Dataset excerpts
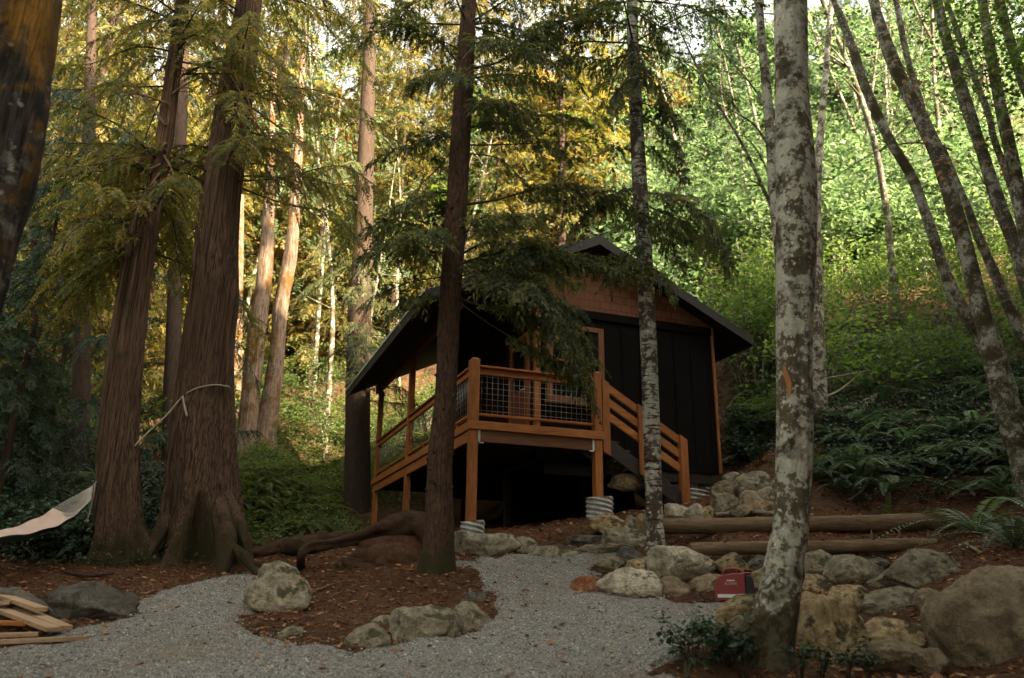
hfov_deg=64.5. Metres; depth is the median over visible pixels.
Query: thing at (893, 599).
boulder
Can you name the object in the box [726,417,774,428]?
sword fern
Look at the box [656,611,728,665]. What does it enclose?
leafy plant
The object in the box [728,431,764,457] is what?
leafy plant
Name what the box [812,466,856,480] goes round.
sword fern
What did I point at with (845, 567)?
boulder
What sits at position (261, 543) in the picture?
sword fern
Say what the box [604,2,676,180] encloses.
slender alder
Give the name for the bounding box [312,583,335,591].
fallen branch
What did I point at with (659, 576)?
rock
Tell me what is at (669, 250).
vine maple
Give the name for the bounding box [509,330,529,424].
door
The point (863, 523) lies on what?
retaining log
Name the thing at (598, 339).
window
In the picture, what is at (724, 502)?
boulder
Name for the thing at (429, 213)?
slender alder
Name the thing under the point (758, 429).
leafy plant
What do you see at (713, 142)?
vine maple
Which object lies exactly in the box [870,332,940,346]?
sword fern
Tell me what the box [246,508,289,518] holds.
sword fern
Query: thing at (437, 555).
hemlock tree
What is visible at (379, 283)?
maple tree
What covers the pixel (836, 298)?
vine maple
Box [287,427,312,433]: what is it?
sword fern
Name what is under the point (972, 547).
fallen branch
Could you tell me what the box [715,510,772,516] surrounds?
log
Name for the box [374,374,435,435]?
vine maple
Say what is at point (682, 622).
leafy plant
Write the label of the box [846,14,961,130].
maple tree
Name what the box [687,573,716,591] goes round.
rock
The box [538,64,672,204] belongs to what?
maple tree
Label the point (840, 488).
sword fern
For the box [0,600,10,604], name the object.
plank
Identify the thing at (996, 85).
leaning alder
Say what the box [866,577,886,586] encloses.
rock
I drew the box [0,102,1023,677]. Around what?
forest floor
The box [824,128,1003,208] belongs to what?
vine maple
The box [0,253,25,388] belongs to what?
conifer tree
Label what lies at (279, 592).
boulder
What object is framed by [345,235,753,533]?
cabin
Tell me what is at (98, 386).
vine maple
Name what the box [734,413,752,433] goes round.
leafy plant
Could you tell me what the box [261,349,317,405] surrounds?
vine maple
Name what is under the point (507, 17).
conifer tree
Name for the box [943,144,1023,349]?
leaning alder
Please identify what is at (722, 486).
boulder
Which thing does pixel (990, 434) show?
sword fern
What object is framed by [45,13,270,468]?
conifer tree
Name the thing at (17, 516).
leafy plant
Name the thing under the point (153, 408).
vine maple
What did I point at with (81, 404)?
conifer tree
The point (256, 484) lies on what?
sword fern
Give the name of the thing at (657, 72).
slender alder
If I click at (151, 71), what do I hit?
conifer tree
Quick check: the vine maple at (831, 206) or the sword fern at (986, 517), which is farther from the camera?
the vine maple at (831, 206)
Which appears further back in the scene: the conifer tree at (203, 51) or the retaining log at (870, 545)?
the conifer tree at (203, 51)
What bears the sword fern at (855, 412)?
on the forest floor
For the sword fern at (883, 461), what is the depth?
14.00 m
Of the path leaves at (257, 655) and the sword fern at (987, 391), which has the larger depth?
the sword fern at (987, 391)
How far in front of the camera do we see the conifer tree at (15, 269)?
16.50 m
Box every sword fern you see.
[0,539,65,557]
[6,488,44,498]
[6,514,78,531]
[31,485,90,500]
[34,541,90,558]
[51,477,94,491]
[52,525,88,550]
[57,471,94,481]
[80,497,160,511]
[239,466,289,482]
[240,472,293,488]
[240,474,302,493]
[240,479,286,495]
[241,483,277,502]
[242,494,279,507]
[242,495,265,508]
[243,480,277,491]
[243,496,298,513]
[244,499,292,512]
[245,485,279,499]
[245,509,280,522]
[246,462,280,470]
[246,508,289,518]
[247,487,281,499]
[249,510,282,518]
[251,495,319,512]
[251,516,295,526]
[251,538,269,546]
[255,471,328,489]
[257,511,311,522]
[262,466,311,478]
[265,490,322,506]
[267,493,334,512]
[268,482,349,511]
[269,512,316,528]
[269,517,336,541]
[271,522,351,535]
[272,487,313,499]
[272,518,352,533]
[276,491,317,503]
[281,477,320,491]
[281,517,342,533]
[281,519,338,535]
[282,501,327,515]
[284,457,317,470]
[284,501,324,519]
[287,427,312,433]
[290,447,331,454]
[302,477,336,493]
[304,452,338,458]
[307,496,364,517]
[315,455,342,461]
[326,562,341,569]
[370,437,405,444]
[650,647,733,676]
[720,430,758,443]
[723,420,767,431]
[724,401,775,421]
[726,413,772,431]
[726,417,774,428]
[728,379,774,397]
[730,381,773,393]
[740,355,774,369]
[742,403,773,413]
[744,373,775,390]
[747,411,775,428]
[769,447,862,466]
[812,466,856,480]
[813,463,892,489]
[814,408,909,424]
[814,423,866,437]
[814,456,940,480]
[814,466,922,489]
[815,408,861,424]
[815,421,901,442]
[815,443,935,470]
[816,478,886,491]
[817,432,910,452]
[825,454,901,467]
[828,402,872,413]
[830,374,910,391]
[832,376,907,395]
[834,416,915,432]
[841,336,894,353]
[843,338,905,352]
[844,342,889,351]
[845,385,938,403]
[847,457,927,471]
[849,474,954,493]
[852,342,896,356]
[857,349,919,365]
[857,409,937,428]
[862,344,942,361]
[864,490,910,514]
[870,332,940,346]
[871,424,948,444]
[876,429,925,441]
[876,457,956,476]
[877,412,930,427]
[877,496,1023,537]
[883,458,962,475]
[888,425,956,447]
[890,443,984,466]
[897,460,950,472]
[899,454,983,470]
[904,440,999,459]
[905,367,959,381]
[907,416,995,437]
[910,447,1005,468]
[911,438,985,456]
[912,516,1023,554]
[915,326,969,342]
[916,362,940,370]
[917,401,982,410]
[923,438,1003,456]
[929,478,1023,501]
[930,419,995,435]
[932,459,1008,474]
[934,365,982,375]
[938,410,997,431]
[939,356,981,370]
[940,374,1018,388]
[940,466,1023,495]
[944,477,997,493]
[946,377,1023,404]
[947,449,1004,465]
[948,380,1020,396]
[951,452,1009,474]
[952,358,1022,373]
[955,465,1010,494]
[957,444,1004,457]
[961,425,997,432]
[963,433,1000,455]
[964,381,1023,399]
[968,438,1003,448]
[968,457,1008,481]
[974,362,1023,378]
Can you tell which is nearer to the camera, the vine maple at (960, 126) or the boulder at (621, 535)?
the boulder at (621, 535)
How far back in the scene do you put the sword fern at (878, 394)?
17.03 m
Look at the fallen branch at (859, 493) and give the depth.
12.96 m
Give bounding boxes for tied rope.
[135,384,230,445]
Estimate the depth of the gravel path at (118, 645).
7.17 m
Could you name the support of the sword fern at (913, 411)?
on the forest floor
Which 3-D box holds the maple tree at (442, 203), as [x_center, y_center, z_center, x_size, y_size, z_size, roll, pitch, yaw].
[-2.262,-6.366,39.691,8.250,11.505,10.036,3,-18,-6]
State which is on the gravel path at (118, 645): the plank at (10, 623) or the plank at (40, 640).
the plank at (40, 640)
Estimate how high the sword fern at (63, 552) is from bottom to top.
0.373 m
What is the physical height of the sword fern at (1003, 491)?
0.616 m
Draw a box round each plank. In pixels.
[0,594,47,610]
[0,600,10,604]
[0,607,59,631]
[0,620,28,625]
[0,631,42,637]
[0,635,90,644]
[13,607,72,629]
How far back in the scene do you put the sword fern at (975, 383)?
16.78 m
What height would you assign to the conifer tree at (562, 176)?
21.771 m
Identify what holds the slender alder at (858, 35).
on the forest floor
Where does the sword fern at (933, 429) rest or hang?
on the forest floor
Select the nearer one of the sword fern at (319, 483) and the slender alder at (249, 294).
the sword fern at (319, 483)
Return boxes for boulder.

▸ What is being asked
Wherever the string "height" occurs in the records, copy the line it is in.

▸ Result
What is the physical height of the sword fern at (1003, 491)?
What height would you assign to the conifer tree at (562, 176)?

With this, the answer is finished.